Task to carry out: Search the listing below for the line with "left index: fingertip", then write out that line and every one after it exactly, without the pictures.

****************************************

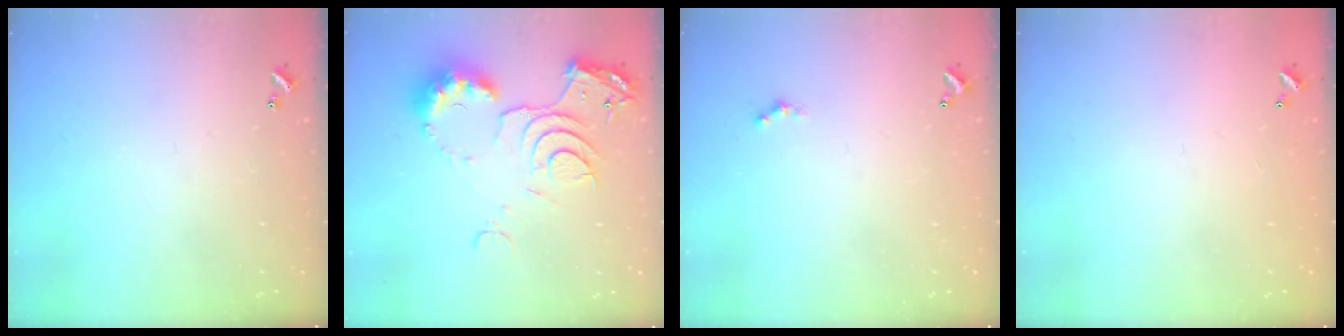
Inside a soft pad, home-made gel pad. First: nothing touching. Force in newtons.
{"total": 11.5, "press": 11.4, "slide": 1.3}
{"total": 1.6, "press": 1.5, "slide": 0.4}
{"total": 3.0, "press": 3.0, "slide": 0.1}
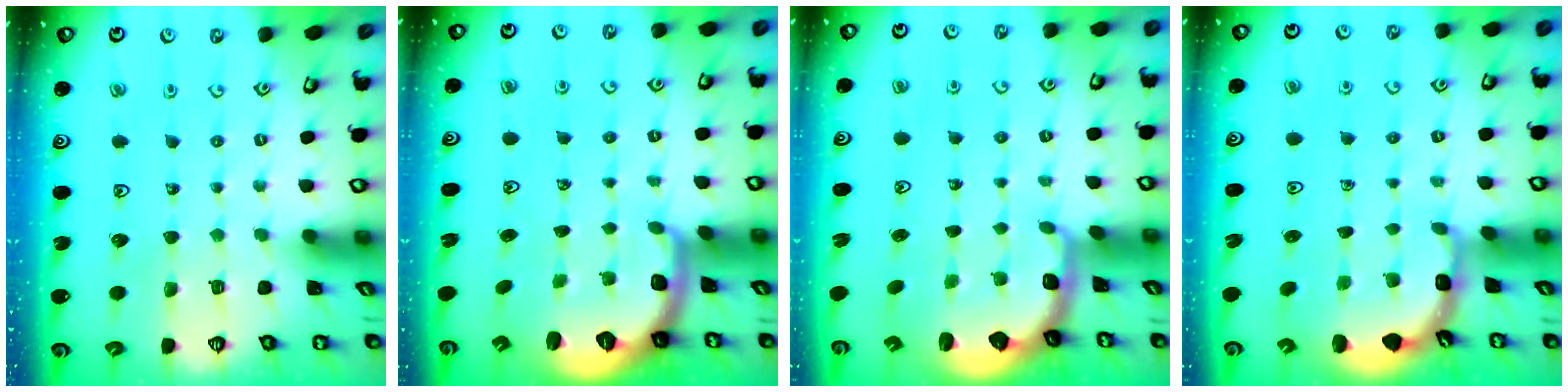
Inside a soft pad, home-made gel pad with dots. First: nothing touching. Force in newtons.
{"total": 1.7, "press": 1.6, "slide": 0.4}
{"total": 2.6, "press": 1.9, "slide": 1.7}
{"total": 2.1, "press": 1.9, "slide": 0.9}
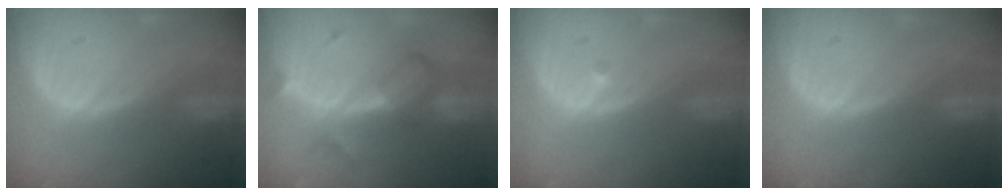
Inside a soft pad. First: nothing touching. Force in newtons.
{"total": 5.8, "press": 5.2, "slide": 2.5}
{"total": 0.6, "press": 0.5, "slide": 0.4}
{"total": 0.0}
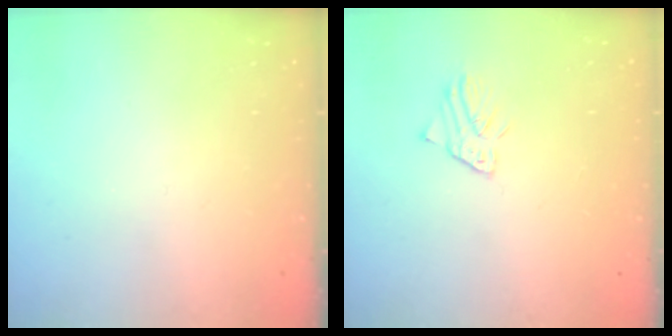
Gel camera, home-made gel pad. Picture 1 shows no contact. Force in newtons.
{"total": 1.5, "press": 1.5, "slide": 0.1}
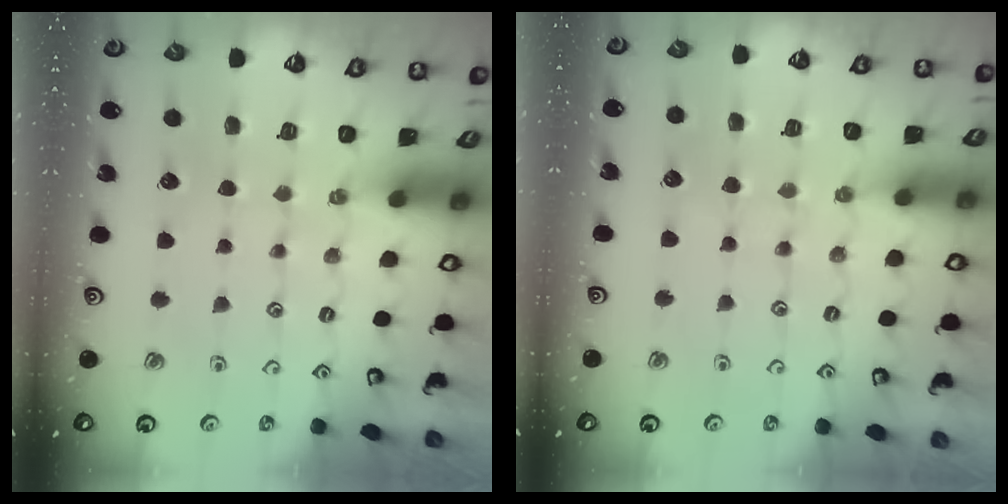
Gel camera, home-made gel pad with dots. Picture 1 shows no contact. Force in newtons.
{"total": 3.8, "press": 3.8, "slide": 0.3}
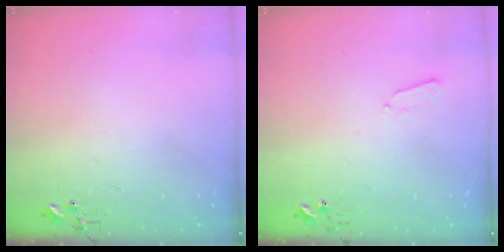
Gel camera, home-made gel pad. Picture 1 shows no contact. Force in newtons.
{"total": 3.4, "press": 3.4, "slide": 0.5}
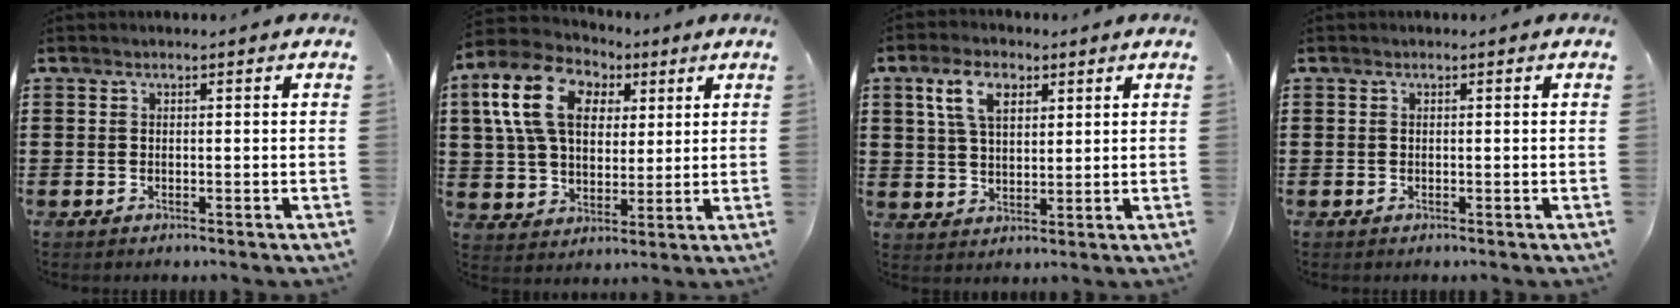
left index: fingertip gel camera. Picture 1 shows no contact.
{"total": 11.9, "force": [4.5, 8.1, 7.4], "torque": [-0.189, 0.021, 0.083]}
{"total": 6.6, "force": [3.4, 4.0, 4.0], "torque": [-0.088, 0.013, 0.060]}
{"total": 0.0}
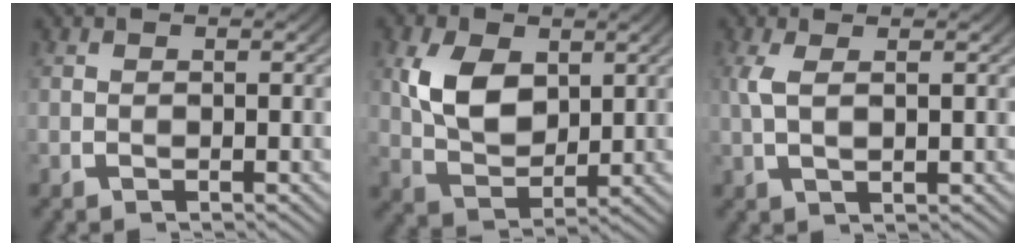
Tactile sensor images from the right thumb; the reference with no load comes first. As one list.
[{"total": 7.1, "force": [1.0, 4.8, 5.1], "torque": [-0.120, -0.034, 0.034]}, {"total": 2.5, "force": [0.9, 0.8, 2.2], "torque": [-0.054, -0.002, 0.024]}]
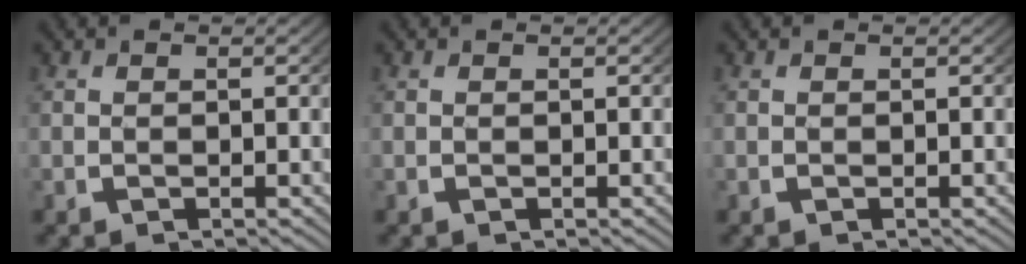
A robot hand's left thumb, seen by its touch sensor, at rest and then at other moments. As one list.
[{"total": 0.0}, {"total": 0.0}]
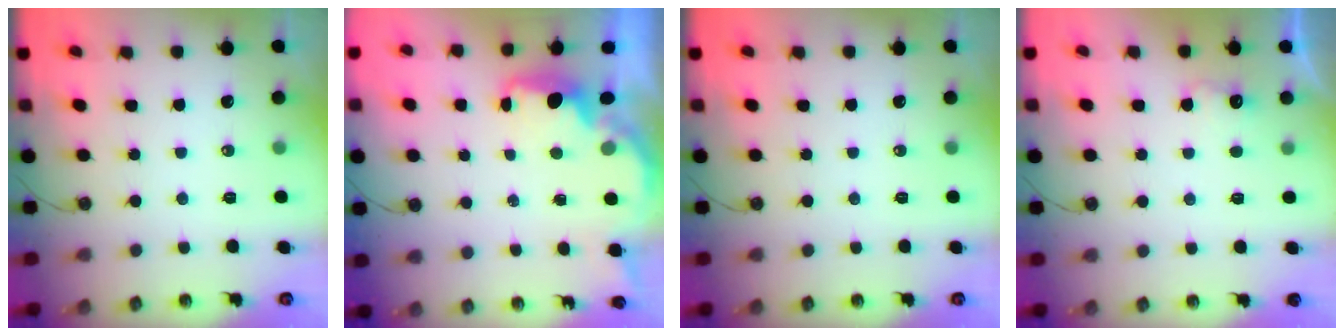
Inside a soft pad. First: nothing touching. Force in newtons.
{"total": 2.1, "press": 2.0, "slide": 0.8}
{"total": 0.0}
{"total": 6.0, "press": 5.9, "slide": 1.0}
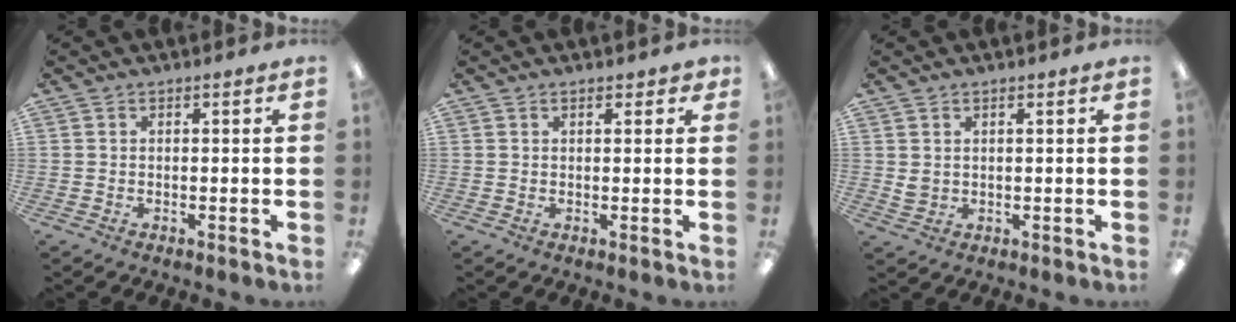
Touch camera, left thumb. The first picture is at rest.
{"total": 2.0, "force": [1.2, 1.0, 1.1], "torque": [-0.008, -0.005, 0.019]}
{"total": 2.2, "force": [1.2, 1.6, 0.8], "torque": [-0.009, -0.001, 0.020]}
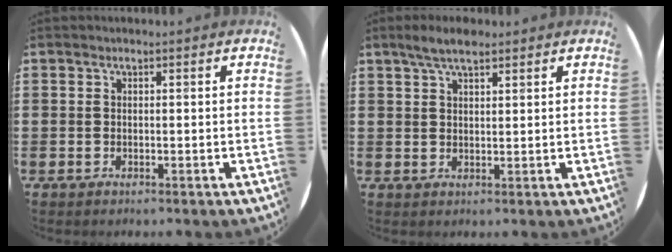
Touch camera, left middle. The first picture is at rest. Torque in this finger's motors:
{"motor_torque": [0.56, -0.53, 0.12, 0.03]}
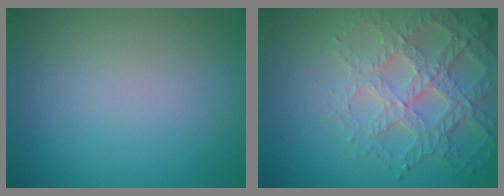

****************************************

Written solution:
left index: fingertip gel camera. Picture 1 shows no contact.
{"total": 11.9, "force": [4.5, 8.1, 7.4], "torque": [-0.189, 0.021, 0.083]}
{"total": 6.6, "force": [3.4, 4.0, 4.0], "torque": [-0.088, 0.013, 0.060]}
{"total": 0.0}
Tactile sensor images from the right thumb; the reference with no load comes first. As one list.
[{"total": 7.1, "force": [1.0, 4.8, 5.1], "torque": [-0.120, -0.034, 0.034]}, {"total": 2.5, "force": [0.9, 0.8, 2.2], "torque": [-0.054, -0.002, 0.024]}]
A robot hand's left thumb, seen by its touch sensor, at rest and then at other moments. As one list.
[{"total": 0.0}, {"total": 0.0}]
Inside a soft pad. First: nothing touching. Force in newtons.
{"total": 2.1, "press": 2.0, "slide": 0.8}
{"total": 0.0}
{"total": 6.0, "press": 5.9, "slide": 1.0}
Touch camera, left thumb. The first picture is at rest.
{"total": 2.0, "force": [1.2, 1.0, 1.1], "torque": [-0.008, -0.005, 0.019]}
{"total": 2.2, "force": [1.2, 1.6, 0.8], "torque": [-0.009, -0.001, 0.020]}
Touch camera, left middle. The first picture is at rest. Torque in this finger's motors:
{"motor_torque": [0.56, -0.53, 0.12, 0.03]}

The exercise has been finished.